▶ [Exercise material]:
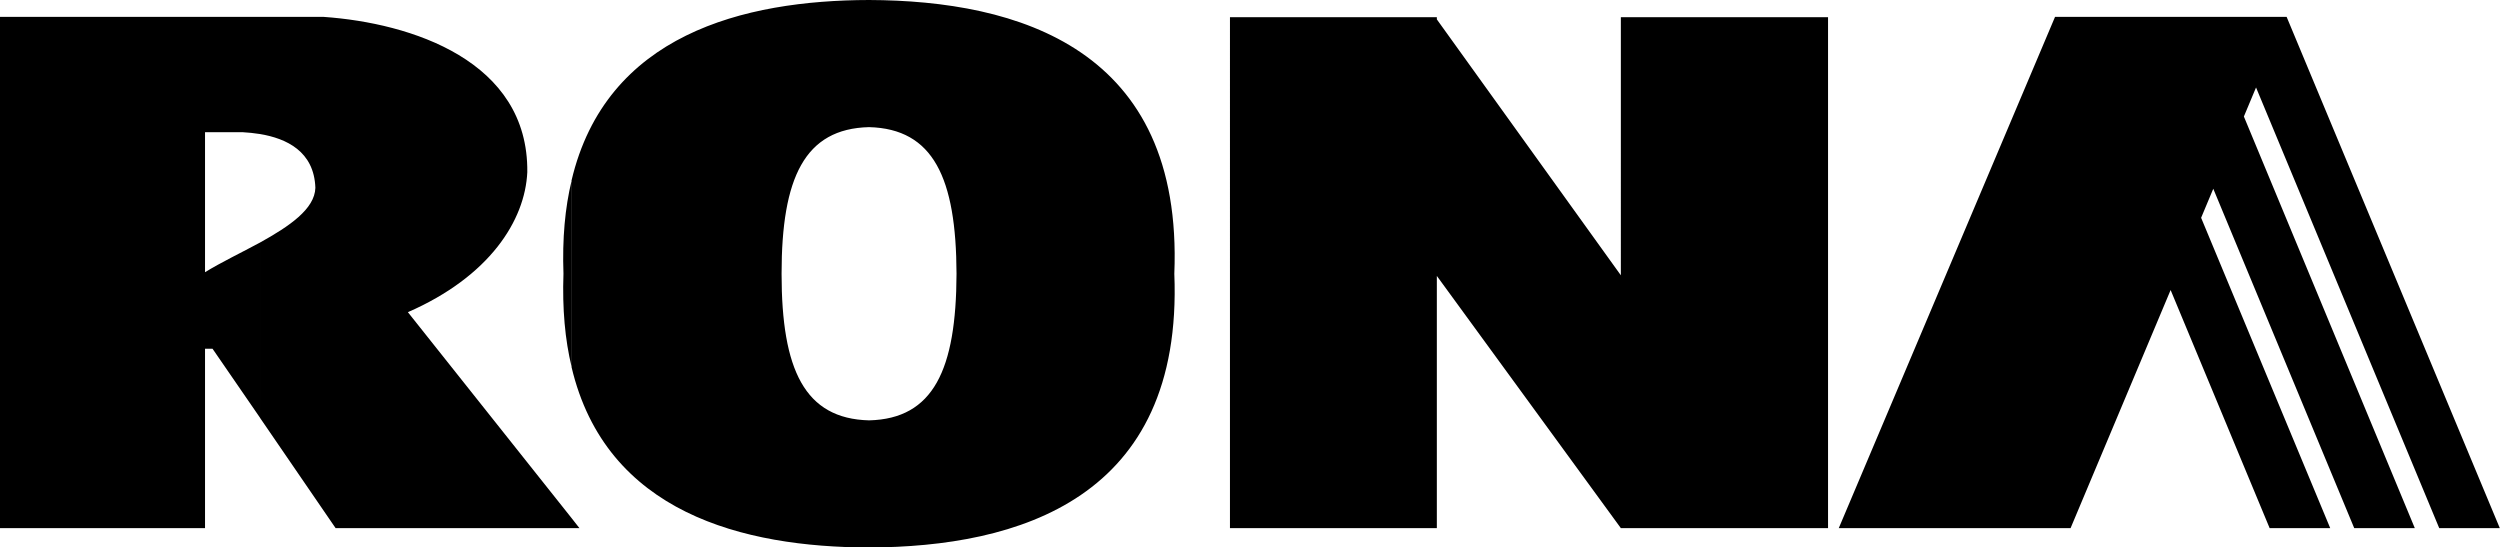 <?xml version="1.0" encoding="UTF-8"?>
<svg id="Layer_1" data-name="Layer 1" xmlns="http://www.w3.org/2000/svg" version="1.1" viewBox="0 0 2426.5 531.4">
  <defs>
    <style>
      .cls-1 {
        fill: #000;
        fill-rule: evenodd;
        stroke-width: 0px;
      }
    </style>
  </defs>
  <path class="cls-1" d="M843.5,531.4v-123.4c62.5-1.5,84.6-49.1,84.9-142.3-.3-93.1-22.5-140.7-84.9-142.3V0c144.4.6,305.1,46.7,296.3,265.7,8.8,219-152,265.1-296.3,265.7ZM1193.8,16.7h200.8v2.1l178.6,248.4V16.7h201.1v495.9h-201.1l-178.6-244.8v244.8h-200.8V16.7h0ZM1785,512.6h224.7l97.1-231.1,96.1,231.1h58.8l-125.3-301.2,11.8-28.2,136.8,329.4h58.8l-165.9-399.5,11.8-28.2,177.8,427.7h58.8l-206.9-496.2h-224.8l-209.9,496.2h0ZM554.8,512.6h7.6l-7.6-9.7v9.7ZM843.5,0v123.4c-62.5,1.5-84.9,49.1-84.9,142.3s22.4,140.7,84.9,142.3v123.4c-121.9-.3-255.4-33.4-288.8-175.3v-180.8C588.1,33.4,721.6.3,843.5,0ZM325.8,512.6h229v-9.7l-158.9-199.9c79.2-34.6,113.7-88.9,115.9-135.9,1.2-108.3-112.8-144.7-197.5-150.7h-61.9v113.7c25.5,4.3,52.5,16.7,53.7,52.2-.6,20.6-25.2,37.3-53.7,53.1v170.2l73.4,107.1h0ZM554.8,175.3v180.8c-6.4-26.4-9.1-56.4-7.9-90.4-1.2-34,1.5-64,7.9-90.4h0ZM252.4,16.4H0v496.2h199v-174.1h7.3l46.1,67v-170.1c-17.9,9.7-37.6,19.1-53.4,28.8v-135.9h36.4c5.5.3,11.2.9,17,1.8V16.4h0Z"/>
</svg>

▶ [Task description]: Only the pictures are to be dropped; return everything else in the listing exactly.

▶ [Final answer]:
 <?xml version="1.0" encoding="UTF-8"?>
<svg id="Layer_1" data-name="Layer 1" xmlns="http://www.w3.org/2000/svg" version="1.1" viewBox="0 0 2426.5 531.4">
  <defs>
    <style>
      .cls-1 {
        fill: #000;
        fill-rule: evenodd;
        stroke-width: 0px;
      }
    </style>
  </defs>
  <path class="cls-1" d="M843.5,531.4v-123.4c62.5-1.5,84.6-49.1,84.9-142.3-.3-93.1-22.5-140.7-84.9-142.3V0c144.4.6,305.1,46.7,296.3,265.7,8.8,219-152,265.1-296.3,265.7ZM1193.8,16.7h200.8v2.1l178.6,248.4V16.7h201.1v495.9h-201.1l-178.6-244.8v244.8h-200.8V16.7h0ZM1785,512.6h224.7l97.1-231.1,96.1,231.1h58.8l-125.3-301.2,11.8-28.2,136.8,329.4h58.8l-165.9-399.5,11.8-28.2,177.8,427.7h58.8l-206.9-496.2h-224.8l-209.9,496.2h0ZM554.8,512.6h7.6l-7.6-9.7v9.7ZM843.5,0v123.4c-62.5,1.5-84.9,49.1-84.9,142.3s22.4,140.7,84.9,142.3v123.4c-121.9-.3-255.4-33.4-288.8-175.3v-180.8C588.1,33.4,721.6.3,843.5,0ZM325.8,512.6h229v-9.7l-158.9-199.9c79.2-34.6,113.7-88.9,115.9-135.9,1.2-108.3-112.8-144.7-197.5-150.7h-61.9v113.7c25.5,4.3,52.5,16.7,53.7,52.2-.6,20.6-25.2,37.3-53.7,53.1v170.2l73.4,107.1h0ZM554.8,175.3v180.8c-6.4-26.4-9.1-56.4-7.9-90.4-1.2-34,1.5-64,7.9-90.4h0ZM252.4,16.4H0v496.2h199v-174.1h7.3l46.1,67v-170.1c-17.9,9.7-37.6,19.1-53.4,28.8v-135.9h36.4c5.5.3,11.2.9,17,1.8V16.4h0Z"/>
</svg>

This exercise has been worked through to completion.